When my wife and I retire we will downsize our house and partially fund our retirement from the difference between the values of the current and new home. While we will only have about 10% of that difference able to be placed into our TFSAs because we aren't likely to have much room, imagine some future couples who have 20 years of room down the road.


----------



## pwm

Good article in today's Financial Post by Jamie Golombek: http://business.financialpost.com/2014/03/21/jim-flaherty-may-be-gone-but-tfsas-will-live-on/


----------



## HaroldCrump

It's ironic that the subject of unions comes up in a discussion of taxes/RRSPs/TFSAs :biggrin:

Anyhow, there is a whole subsection of people that are baying for the blood of the TFSA.
They want it gone, killed, murdered, and buried so that the govt. can "recover" "lost" tax revenue.
There is nothing in the TFSA or any tax shelter program that causes govt. to "lose" tax revenue.

As long as income tax rates are below 100%, govt. is "losing" tax revenue.

Anyhow, I agree with OGG that the program will stay in its current form until the Harper administration is in office.
If or when they are ousted from office, all bets are off.
That may (or may not) happen before the limit is doubled to $10K.

But it is almost certain that future administrations will not increase the limits beyond the inflation indexation already built into it.

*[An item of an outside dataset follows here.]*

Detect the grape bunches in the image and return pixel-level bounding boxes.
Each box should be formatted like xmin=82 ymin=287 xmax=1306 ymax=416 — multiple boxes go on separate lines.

I agree as well that TFSA withdrawals should be included for calculation of govt. pension benefits (GIS and OAS).
Not doing so is a huge and unfair tax subsidy for the retirees vis-à-vis the current generation of workers.


----------



## Eclectic12

HaroldCrump said:


> ... Anyhow, there is a whole subsection of people that are baying for the blood of the TFSA ...
> 
> If or when they are ousted from office, all bets are off.

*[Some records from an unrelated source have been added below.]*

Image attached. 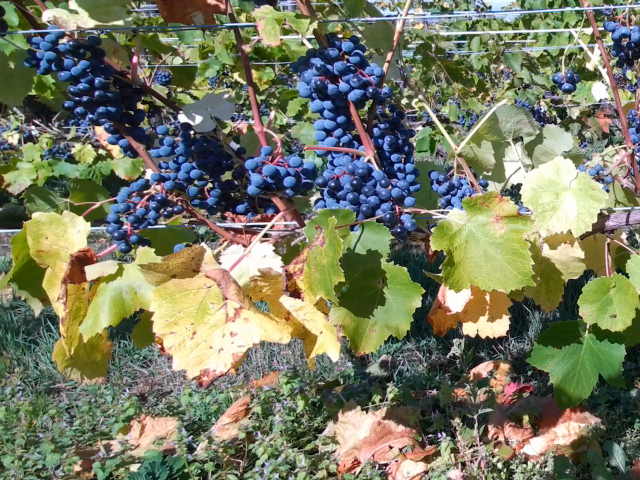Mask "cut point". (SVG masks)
<instances>
[{"label": "cut point", "instance_id": "obj_1", "mask_svg": "<svg viewBox=\"0 0 640 480\" xmlns=\"http://www.w3.org/2000/svg\"><path fill=\"white\" fill-rule=\"evenodd\" d=\"M266 132L269 133V135L274 138L276 140L277 143L281 142V138L278 137L273 131H271L270 129L266 128Z\"/></svg>", "mask_w": 640, "mask_h": 480}, {"label": "cut point", "instance_id": "obj_2", "mask_svg": "<svg viewBox=\"0 0 640 480\" xmlns=\"http://www.w3.org/2000/svg\"><path fill=\"white\" fill-rule=\"evenodd\" d=\"M369 160H371V163H372V165L374 166L375 170H379L378 165L375 163V161H374V159H373L372 157H366V158H365V160H364V162H367V161H369Z\"/></svg>", "mask_w": 640, "mask_h": 480}]
</instances>
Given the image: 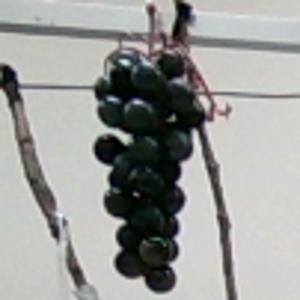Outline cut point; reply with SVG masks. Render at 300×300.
<instances>
[{
	"label": "cut point",
	"mask_w": 300,
	"mask_h": 300,
	"mask_svg": "<svg viewBox=\"0 0 300 300\" xmlns=\"http://www.w3.org/2000/svg\"><path fill=\"white\" fill-rule=\"evenodd\" d=\"M159 5L154 0H144L142 13L147 16L148 62L154 65L155 24Z\"/></svg>",
	"instance_id": "obj_1"
}]
</instances>
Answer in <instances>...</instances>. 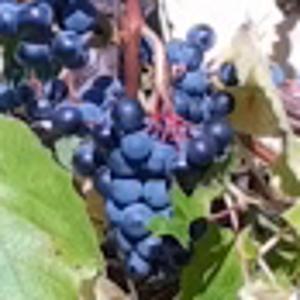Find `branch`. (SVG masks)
<instances>
[{"instance_id": "branch-1", "label": "branch", "mask_w": 300, "mask_h": 300, "mask_svg": "<svg viewBox=\"0 0 300 300\" xmlns=\"http://www.w3.org/2000/svg\"><path fill=\"white\" fill-rule=\"evenodd\" d=\"M142 22V4L139 0H126L123 4L121 37L122 79L126 82L127 95L132 101L140 98V44L138 24Z\"/></svg>"}]
</instances>
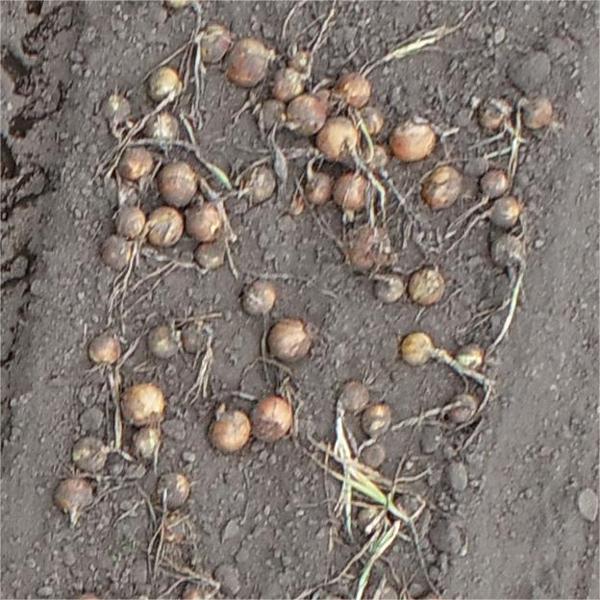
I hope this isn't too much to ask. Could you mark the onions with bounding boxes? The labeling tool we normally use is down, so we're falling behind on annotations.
[147,323,177,357]
[272,67,302,99]
[155,472,189,508]
[287,91,327,132]
[186,202,222,238]
[208,409,250,452]
[144,206,183,246]
[54,476,93,511]
[399,330,433,365]
[262,103,284,127]
[125,423,161,456]
[476,99,506,131]
[363,147,386,171]
[389,120,433,161]
[182,580,218,600]
[238,165,273,202]
[121,384,164,425]
[363,444,385,468]
[268,317,311,361]
[242,279,279,314]
[115,207,146,239]
[337,379,371,414]
[72,437,103,469]
[163,0,192,7]
[334,174,368,209]
[406,265,444,305]
[481,168,509,196]
[519,95,552,129]
[315,117,359,160]
[117,145,152,181]
[455,343,483,370]
[97,236,128,267]
[351,105,384,137]
[193,240,222,268]
[178,324,206,352]
[115,179,141,204]
[361,404,391,435]
[488,195,519,225]
[349,227,392,269]
[158,161,197,203]
[359,507,386,532]
[145,111,180,145]
[148,67,180,99]
[88,335,121,363]
[420,164,464,208]
[442,397,473,424]
[305,173,332,203]
[102,92,128,120]
[374,269,405,303]
[159,515,186,542]
[197,26,229,63]
[226,38,272,86]
[251,395,294,440]
[331,71,369,107]
[289,50,310,73]
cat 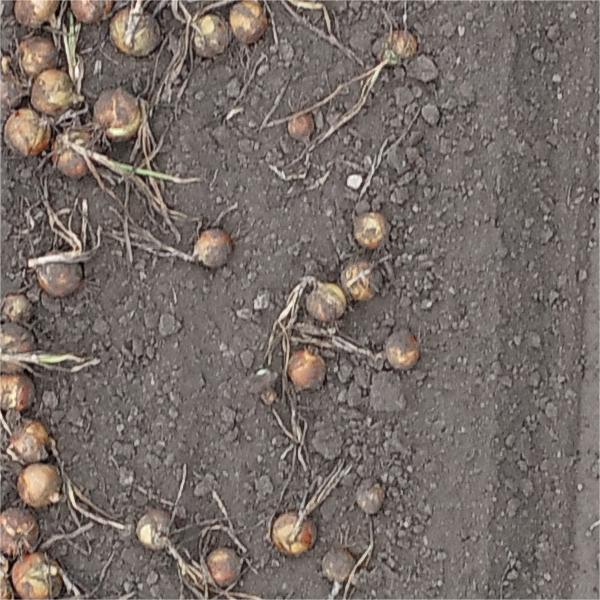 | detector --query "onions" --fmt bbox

 ... not sure why so negative ... is this any different from those over the last thirty years that have warned "the next gov't is going to kill RRSPs"?




HaroldCrump said:


> ... But it is almost certain that future administrations will not increase the limits beyond the inflation indexation already built into it.
> 
> I agree as well that TFSA withdrawals should be included for calculation of govt. pension benefits (GIS and OAS).


 ... +1.



HaroldCrump said:


> ... Not doing so is a huge and unfair tax subsidy for the retirees vis-à-vis the current generation of workers.


This I'll have to think about ... I'm thinking more of those who don't need it being able to tax shelter more money.

But then again, I'm one of what seems to be the few that sees these programs as for those who need it and am not going to sweat avoiding clawbacks all that much.


Cheers


----------



## andrewf

I doubt the liberals would kill the TFSA. At most, I would expect them to reverse any expansion (the proposed doubling) since it benefits very few anyway.


----------



## fraser

I suspect that a future Government may cap it, but not eliminate the TFSA. Especially a minority Government.

We love it. More please!

I cannot imagine any Government factoring in TFSA withdrawals in OAS entitlement unless they had the ability to distinguish between contributed capital (which is after tax dollars) and subsequent gains (which has not attracted income tax).


----------



## Four Pillars

fraser said:


> I cannot imagine any Government factoring in TFSA withdrawals in OAS entitlement unless they had the ability to distinguish between contributed capital (which is after tax dollars) and subsequent gains (which has not attracted income tax).


That's a very good point.

The government does keep track of contributions and withdrawals, so this could be done.


----------



## bgc_fan

I'm not sure how keeping track of withdrawals can differentiate contributions vs growth, I.e. I contribute $20K, it grows to $30k, and I withdraw $5k. How is the government supposed to tell what colour of money is that?


----------



## Four Pillars

bgc_fan said:


> I'm not sure how keeping track of withdrawals can differentiate contributions vs growth, I.e. I contribute $20K, it grows to $30k, and I withdraw $5k. How is the government supposed to tell what colour of money is that?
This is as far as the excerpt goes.